AMPK is an energy-sensing protein kinase involved in the regulation of autophagy. In addition to its direct role in regulating autophagy, AMPK can also influence other cellular processes, such as mitochondrial function, posttranslational acetylation, cardiomyocyte metabolism, mitochondrial autophagy, endoplasmic reticulum stress, and apoptosis. As AMPK is involved in the control of various cellular processes, it can influence the health and survival of cardiomyocytes [20,67]. AMPK activation increases fatty acid oxidation in human induced pluripotent stem-cell (hiPSC)-cardiomyocytes (CMs) by upregulating the expression of carnitine palmitoyl transferase (CPT)-1, fatty acid transport protein (FATP), and fatty acid-binding protein (FABP) [20,68]. Moreover, AMPK has a distinct regulatory impact on numerous areas of mitochondrial biology and homeostasis, such as controlling the number of mitochondria via stimulating mitochondrial synthesis, regulating the architecture of the mitochondrial network, and controlling the quality of mitochondria via autophagy and mitosis [69].
Understanding the significance of AMPK in cardiomyocyte differentiation, Ye et al. employed 5-aminoimidazole-4-carboxamide-1-β-D-ribofuranoside (AICAR) to induce AMPK activation in hiPSC-CMs [19]. AICAR dramatically raised the oxygen consumption rate (OCR) related to baseline respiration, adenosine 5′-triphosphate (ATP) generation, maximum respiration, and reserve capacity, indicating that cardiomyocytes were in a more mature metabolic state. Furthermore, AMPK activation enhances mitochondrial fusion in hiPSC-CMs [19]. In times of cellular stress, mitochondrial respiratory reserve capacity is employed to sustain an increase in energy demand, assisting in the maintenance of cell and organ functions, cell repair, or active drug detoxification [70]. AICAR treatment boosted respiratory reserve capacity in hiPSC-CMs, implying that the treated cells may perform better in the face of increasing energy demand. In addition, AICAR-treated hiPSC-CMs exhibited a larger cell perimeter, a lower circularity index, and longer sarcomeres than the control group, making them more similar to adult cardiomyocytes [19]. AICAR also increased the expression of cardiac maturation-related genes. Although the AICAR activation of AMPK promotes the morphological and metabolic maturity of hiPSC-CMs, the effect of AMPK on the electrophysiological maturation of hiPSC-CMs remains unknown [19].

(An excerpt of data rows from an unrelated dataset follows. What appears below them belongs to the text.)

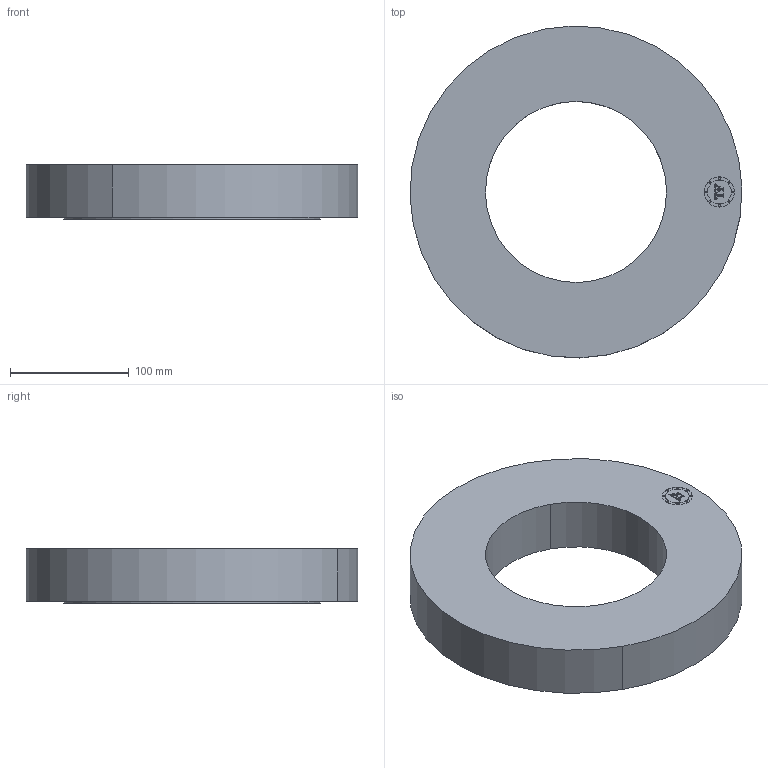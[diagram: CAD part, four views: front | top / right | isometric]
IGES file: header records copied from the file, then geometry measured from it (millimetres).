
Start section: START RECORD GO HERE.
Global section: file name: 6-150-FB-RF-STUDOUT-FLANGE.igs; native system: DASSAULT SYSTEMES CATIA V5 R20 - www.3ds.com; preprocessor: CATIA Version 5 Release 20 SP 6 ; author: Texas Flange; organization: ; date: 20131124.175654; units: inch
Bounding box: 279.32 x 279.32 x 46.04 mm (x, y, z)
Volume: 1877046.8 mm3; surface area: 166190.8 mm2
Topology: 1 solids, 1 shells, 874 faces, 2538 edges, 1676 vertices
Faces by surface type: plane 368, bspline 272, revolution 234
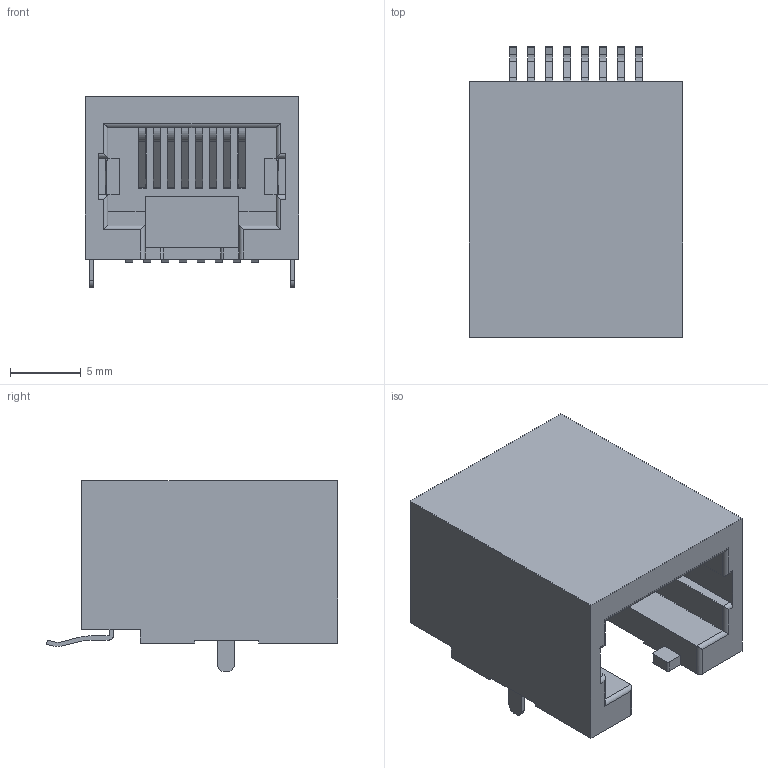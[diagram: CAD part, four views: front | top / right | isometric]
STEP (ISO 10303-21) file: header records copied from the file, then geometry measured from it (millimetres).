
FILE_DESCRIPTION( ( 'Unknown' ), '1' );
FILE_NAME( '634108185521.stp', 'Unknown', ( 'Unknown' ), ( 'Unknown' ), 'PSStep 19.0.9', 'Unknown', ' ' );
FILE_SCHEMA( ( 'AUTOMOTIVE_DESIGN { 1 0 10303 214 1 1 1 1 }' ) );
Length unit declared in the file: millimetre
Products named in the file (13): Assem1; 634108185521_Housing; 634108185521_Housing2; 634108185521_Housing3; 634108185521_Pin1; 634108185521_Pin8; 634108185521_Pin2; 634108185521_Pin7; 634108185521_Pin3; 634108185521_Pin6; 634108185521_Pin4; 634108185521_Pin5; 634108185521_Pin
Assembly tree (13 placements, depth 2):
  Assem1
    634108185521_Housing
    634108185521_Housing2
    634108185521_Housing3
    634108185521_Pin1
    634108185521_Pin8
    634108185521_Pin2
    634108185521_Pin7
    634108185521_Pin3
    634108185521_Pin6
    634108185521_Pin4
    634108185521_Pin5
    634108185521_Pin  x2
Bounding box: 15.1 x 20.6 x 13.5 mm (x, y, z)
Volume: 1356 mm3; surface area: 3267.4 mm2
Topology: 13 solids, 13 shells, 615 faces, 1737 edges, 1152 vertices
Faces by surface type: plane 490, cylinder 125
Entity records: 23611 total; most frequent: CARTESIAN_POINT 3336, ORIENTED_EDGE 3294, DIRECTION 3053, EDGE_CURVE 1647, LINE 1435, VECTOR 1435, VERTEX_POINT 1092, AXIS2_PLACEMENT_3D 809
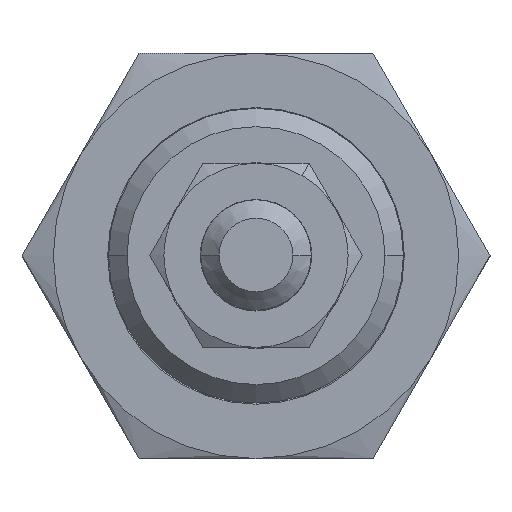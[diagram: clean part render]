
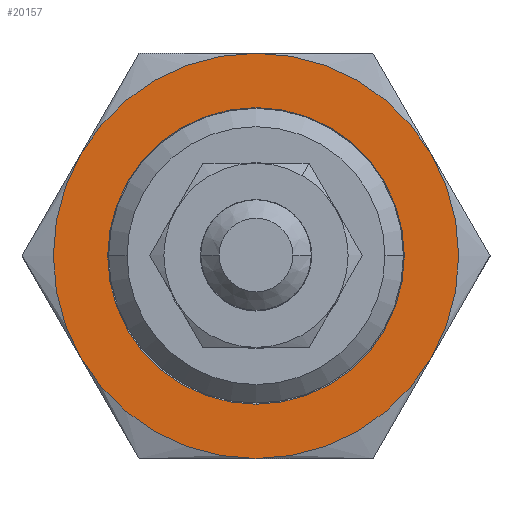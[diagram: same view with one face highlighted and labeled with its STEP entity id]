
A CAD part, top view. The second image highlights one B-rep face of the part: STEP entity #20157.
In plain terms, the highlighted planar face has unit normal (0, 0, 1).
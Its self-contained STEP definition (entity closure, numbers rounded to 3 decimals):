
#946 = CIRCLE ( 'NONE', #18363, 11. ) ;
#984 = CARTESIAN_POINT ( 'NONE',  ( 0., 8.05, 263. ) ) ;
#1458 = CARTESIAN_POINT ( 'NONE',  ( 0., 0., 263. ) ) ;
#1534 = CIRCLE ( 'NONE', #16199, 8.05 ) ;
#2989 = EDGE_CURVE ( 'NONE', #9312, #18409, #17806, .T. ) ;
#3440 = PLANE ( 'NONE',  #21905 ) ;
#3689 = DIRECTION ( 'NONE',  ( 0., 1., 0. ) ) ;
#4218 = CARTESIAN_POINT ( 'NONE',  ( 0., 0., 263. ) ) ;
#4420 = CARTESIAN_POINT ( 'NONE',  ( 0., 0., 263. ) ) ;
#4450 = DIRECTION ( 'NONE',  ( 0., 0., -1. ) ) ;
#4837 = CIRCLE ( 'NONE', #21852, 8.05 ) ;
#4851 = ORIENTED_EDGE ( 'NONE', *, *, #23599, .T. ) ;
#5719 = CARTESIAN_POINT ( 'NONE',  ( 0., 0., 263. ) ) ;
#5902 = CARTESIAN_POINT ( 'NONE',  ( 0., -11., 263. ) ) ;
#6241 = CARTESIAN_POINT ( 'NONE',  ( 0., -8.05, 263. ) ) ;
#7050 = EDGE_CURVE ( 'NONE', #18471, #16568, #13617, .T. ) ;
#7122 = AXIS2_PLACEMENT_3D ( 'NONE', #12893, #24543, #15134 ) ;
#7189 = DIRECTION ( 'NONE',  ( 0., 0., -1. ) ) ;
#7229 = EDGE_CURVE ( 'NONE', #14544, #18471, #946, .T. ) ;
#7547 = EDGE_LOOP ( 'NONE', ( #20321, #4851 ) ) ;
#7922 = CIRCLE ( 'NONE', #11097, 11. ) ;
#8510 = CARTESIAN_POINT ( 'NONE',  ( 9.526, -5.5, 263. ) ) ;
#8842 = VERTEX_POINT ( 'NONE', #984 ) ;
#9312 = VERTEX_POINT ( 'NONE', #8510 ) ;
#9745 = CIRCLE ( 'NONE', #12527, 11. ) ;
#9990 = DIRECTION ( 'NONE',  ( 0., 0., -1. ) ) ;
#10272 = DIRECTION ( 'NONE',  ( 0., 1., 0. ) ) ;
#10581 = DIRECTION ( 'NONE',  ( 0., 0., -1. ) ) ;
#11007 = CARTESIAN_POINT ( 'NONE',  ( 0., 0., 263. ) ) ;
#11097 = AXIS2_PLACEMENT_3D ( 'NONE', #23837, #10581, #12317 ) ;
#11254 = VERTEX_POINT ( 'NONE', #6241 ) ;
#11638 = CARTESIAN_POINT ( 'NONE',  ( 9.526, 5.5, 263. ) ) ;
#11748 = CARTESIAN_POINT ( 'NONE',  ( 0., 0., 263. ) ) ;
#12317 = DIRECTION ( 'NONE',  ( 0., 1., 0. ) ) ;
#12527 = AXIS2_PLACEMENT_3D ( 'NONE', #11748, #9990, #17552 ) ;
#12893 = CARTESIAN_POINT ( 'NONE',  ( 0., 0., 263. ) ) ;
#13507 = DIRECTION ( 'NONE',  ( 0., 0., -1. ) ) ;
#13617 = CIRCLE ( 'NONE', #22322, 11. ) ;
#13706 = CARTESIAN_POINT ( 'NONE',  ( -9.526, 5.5, 263. ) ) ;
#14367 = DIRECTION ( 'NONE',  ( 0., 0., -1. ) ) ;
#14544 = VERTEX_POINT ( 'NONE', #23287 ) ;
#14701 = AXIS2_PLACEMENT_3D ( 'NONE', #4420, #20953, #15389 ) ;
#14763 = DIRECTION ( 'NONE',  ( 0., 1., 0. ) ) ;
#14932 = EDGE_CURVE ( 'NONE', #20343, #9312, #9745, .T. ) ;
#15134 = DIRECTION ( 'NONE',  ( 0., 1., 0. ) ) ;
#15389 = DIRECTION ( 'NONE',  ( 0., 1., 0. ) ) ;
#16199 = AXIS2_PLACEMENT_3D ( 'NONE', #4218, #13507, #21073 ) ;
#16510 = ORIENTED_EDGE ( 'NONE', *, *, #22479, .F. ) ;
#16568 = VERTEX_POINT ( 'NONE', #21430 ) ;
#16661 = CIRCLE ( 'NONE', #14701, 11. ) ;
#16697 = EDGE_LOOP ( 'NONE', ( #23363, #17656, #19340, #16510, #17778, #23650 ) ) ;
#17552 = DIRECTION ( 'NONE',  ( 0., 1., 0. ) ) ;
#17656 = ORIENTED_EDGE ( 'NONE', *, *, #7050, .F. ) ;
#17778 = ORIENTED_EDGE ( 'NONE', *, *, #2989, .F. ) ;
#17806 = CIRCLE ( 'NONE', #7122, 11. ) ;
#18363 = AXIS2_PLACEMENT_3D ( 'NONE', #1458, #14367, #22048 ) ;
#18409 = VERTEX_POINT ( 'NONE', #5902 ) ;
#18471 = VERTEX_POINT ( 'NONE', #13706 ) ;
#18564 = DIRECTION ( 'NONE',  ( 0., 0., -1. ) ) ;
#19340 = ORIENTED_EDGE ( 'NONE', *, *, #7229, .F. ) ;
#20157 = ADVANCED_FACE ( 'NONE', ( #20660, #20425 ), #3440, .F. ) ;
#20321 = ORIENTED_EDGE ( 'NONE', *, *, #21026, .T. ) ;
#20343 = VERTEX_POINT ( 'NONE', #11638 ) ;
#20425 = FACE_OUTER_BOUND ( 'NONE', #16697, .T. ) ;
#20660 = FACE_BOUND ( 'NONE', #7547, .T. ) ;
#20953 = DIRECTION ( 'NONE',  ( 0., 0., -1. ) ) ;
#21026 = EDGE_CURVE ( 'NONE', #11254, #8842, #1534, .T. ) ;
#21073 = DIRECTION ( 'NONE',  ( 0., 1., 0. ) ) ;
#21430 = CARTESIAN_POINT ( 'NONE',  ( 0., 11., 263. ) ) ;
#21852 = AXIS2_PLACEMENT_3D ( 'NONE', #24175, #7189, #14763 ) ;
#21892 = EDGE_CURVE ( 'NONE', #16568, #20343, #7922, .T. ) ;
#21905 = AXIS2_PLACEMENT_3D ( 'NONE', #11007, #18564, #3689 ) ;
#22048 = DIRECTION ( 'NONE',  ( 0., 1., 0. ) ) ;
#22322 = AXIS2_PLACEMENT_3D ( 'NONE', #5719, #4450, #10272 ) ;
#22479 = EDGE_CURVE ( 'NONE', #18409, #14544, #16661, .T. ) ;
#23287 = CARTESIAN_POINT ( 'NONE',  ( -9.526, -5.5, 263. ) ) ;
#23363 = ORIENTED_EDGE ( 'NONE', *, *, #21892, .F. ) ;
#23599 = EDGE_CURVE ( 'NONE', #8842, #11254, #4837, .T. ) ;
#23650 = ORIENTED_EDGE ( 'NONE', *, *, #14932, .F. ) ;
#23837 = CARTESIAN_POINT ( 'NONE',  ( 0., 0., 263. ) ) ;
#24175 = CARTESIAN_POINT ( 'NONE',  ( 0., 0., 263. ) ) ;
#24543 = DIRECTION ( 'NONE',  ( 0., 0., -1. ) ) ;

In a recent study, the impact of an AMPK inducer (Metformin) on the differentiation of hPSC-CMs was investigated. The findings demonstrated a significant upregulation of autophagy during cardiac differentiation following AMPK activation. Additionally, this autophagy upregulation was associated with an increase in the expression of CM-specific markers in hPSC-CMs. These findings provide valuable insights into the vital role of autophagy in the process of cardiomyocyte differentiation [17].

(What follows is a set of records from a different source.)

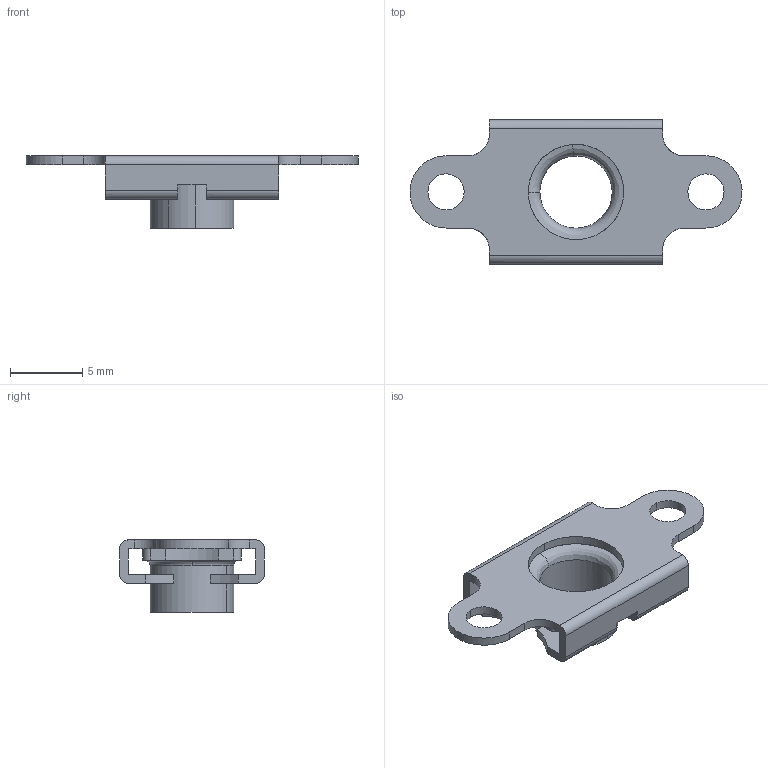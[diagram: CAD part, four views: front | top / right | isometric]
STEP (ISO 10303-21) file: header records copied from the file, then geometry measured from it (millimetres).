
FILE_DESCRIPTION((''),'2;1');
FILE_NAME('','2005-07-15T15:57:43',(''),(''),'','CADfix','');
FILE_SCHEMA(('AUTOMOTIVE_DESIGN'));
Length unit declared in the file: millimetre
Products named in the file (3): nut; housing; TL_264_3_1988_36
Assembly tree (2 placements, depth 2):
  TL_264_3_1988_36
    nut
    housing
Bounding box: 22.99 x 10 x 5 mm (x, y, z)
Volume: 193.3 mm3; surface area: 762.4 mm2
Topology: 2 solids, 2 shells, 81 faces, 252 edges, 176 vertices
Faces by surface type: bspline 81
Entity records: 2827 total; most frequent: CARTESIAN_POINT 1371, ORIENTED_EDGE 504, EDGE_CURVE 252, VERTEX_POINT 176, QUASI_UNIFORM_CURVE 144, EDGE_LOOP 90, FACE_OUTER_BOUND 81, ADVANCED_FACE 81
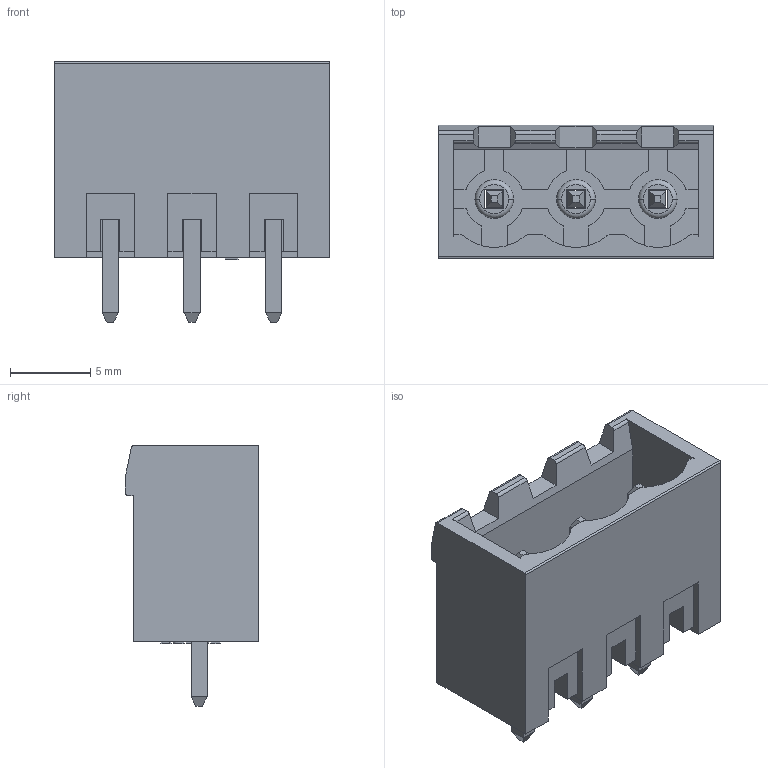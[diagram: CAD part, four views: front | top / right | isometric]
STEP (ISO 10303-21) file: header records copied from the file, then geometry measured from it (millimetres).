
FILE_DESCRIPTION((''),'2;1');
FILE_NAME('CONN-TH_3P-','2022-05-25T15:24:31',('win10'),(''),'CREO PARAMETRIC BY PTC INC, 2020033','CREO PARAMETRIC BY PTC INC, 2020033','');
FILE_SCHEMA(('AUTOMOTIVE_DESIGN { 1 0 10303 214 1 1 1 1 }'));
Length unit declared in the file: millimetre
Products named in the file (1): CONN-TH_3P-
Bounding box: 17.14 x 8.3 x 16.2 mm (x, y, z)
Volume: 795.5 mm3; surface area: 1756.4 mm2
Topology: 4 solids, 4 shells, 304 faces, 822 edges, 536 vertices
Faces by surface type: plane 246, cylinder 46, torus 12
Entity records: 11611 total; most frequent: CARTESIAN_POINT 1696, ORIENTED_EDGE 1644, DIRECTION 1528, EDGE_CURVE 822, VECTOR 700, LINE 700, VERTEX_POINT 536, AXIS2_PLACEMENT_3D 414

There is evidence to suggest that β-cyclodextrin (β-CD) has effects on cholesterol metabolism and autophagy activation which can aid in the differentiation of many cells, including chick cardiac cells [71,72,73]. It has been observed that modifying cholesterol metabolism induces autophagy, which activates the JNK/STAT3 and GSK3-β/β-catenin pathways, resulting in increased expression of cardiac transcription factors such as Nkx2.5 and GATA binding protein 4 (GATA4), structural proteins such as cardiac Troponin T, transcriptional enhancers such as Mef2c, and inducing GATA4 nuclear translocation [57].

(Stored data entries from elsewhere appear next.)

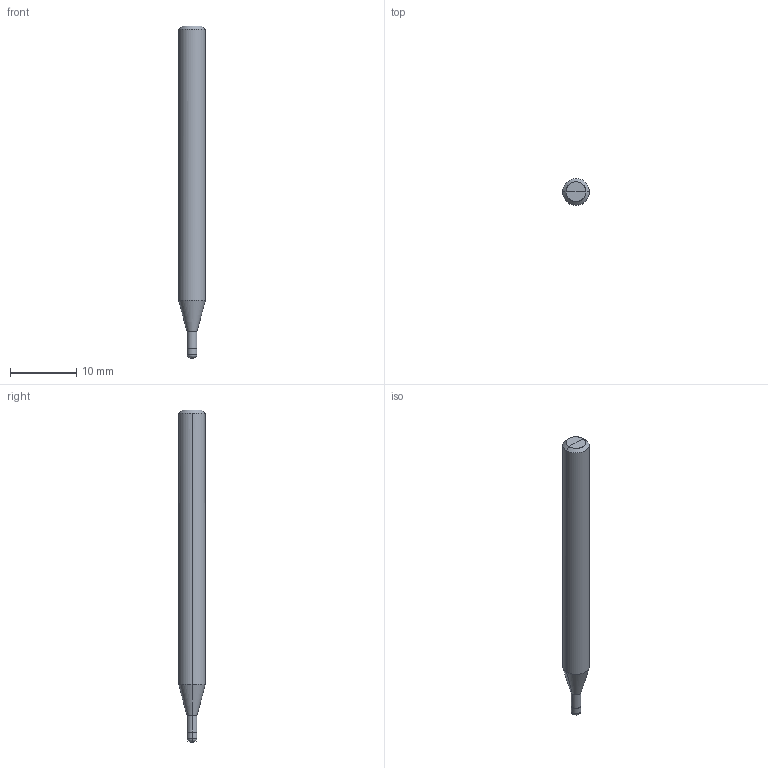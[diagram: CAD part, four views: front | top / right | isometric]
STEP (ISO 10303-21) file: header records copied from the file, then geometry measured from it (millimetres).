
FILE_DESCRIPTION(/* description */ (''),/* implementation_level */ '2;1');
FILE_NAME(/*name*/ 'SHRF-4015-R005-040-STH',/*time_stamp*/'2024-3-13T8:56:31',/*author*/ ('ISBE GmbH'),/*organization*/ ('ISBE GmbH'),/*preprocessor_version*/ 'STEP IO v1.0',/*originating_system*/ '',/*authorisation*/ '');
FILE_SCHEMA (('AUTOMOTIVE_DESIGN'));
Length unit declared in the file: millimetre
Products named in the file (1): Document
Bounding box: 4 x 3.99 x 50 mm (x, y, z)
Surface area: 593.6 mm2 (no closed solid volume)
Topology: 0 solids, 20 shells, 20 faces, 84 edges, 80 vertices
Faces by surface type: bspline 20
Entity records: 713 total; most frequent: CARTESIAN_POINT 350, VERTEX_POINT 72, EDGE_CURVE 72, ORIENTED_EDGE 72, EDGE_LOOP 20, FACE_OUTER_BOUND 20, ADVANCED_FACE 20, DIRECTION 16

4. Other Forms of Autophagy and Cardiac Differentiation

Mitophagy, the selective removal of damaged or depolarized mitochondria, plays a crucial role in maintaining mitochondrial health as a quality control mechanism [74]. During stem cell differentiation, changes in metabolism occur to increase oxidative phosphorylation and mitochondrial ATP production [75]. This metabolic shift has been shown to drive cell differentiation, implying a positive feedback loop between differentiation and metabolic rewiring [76].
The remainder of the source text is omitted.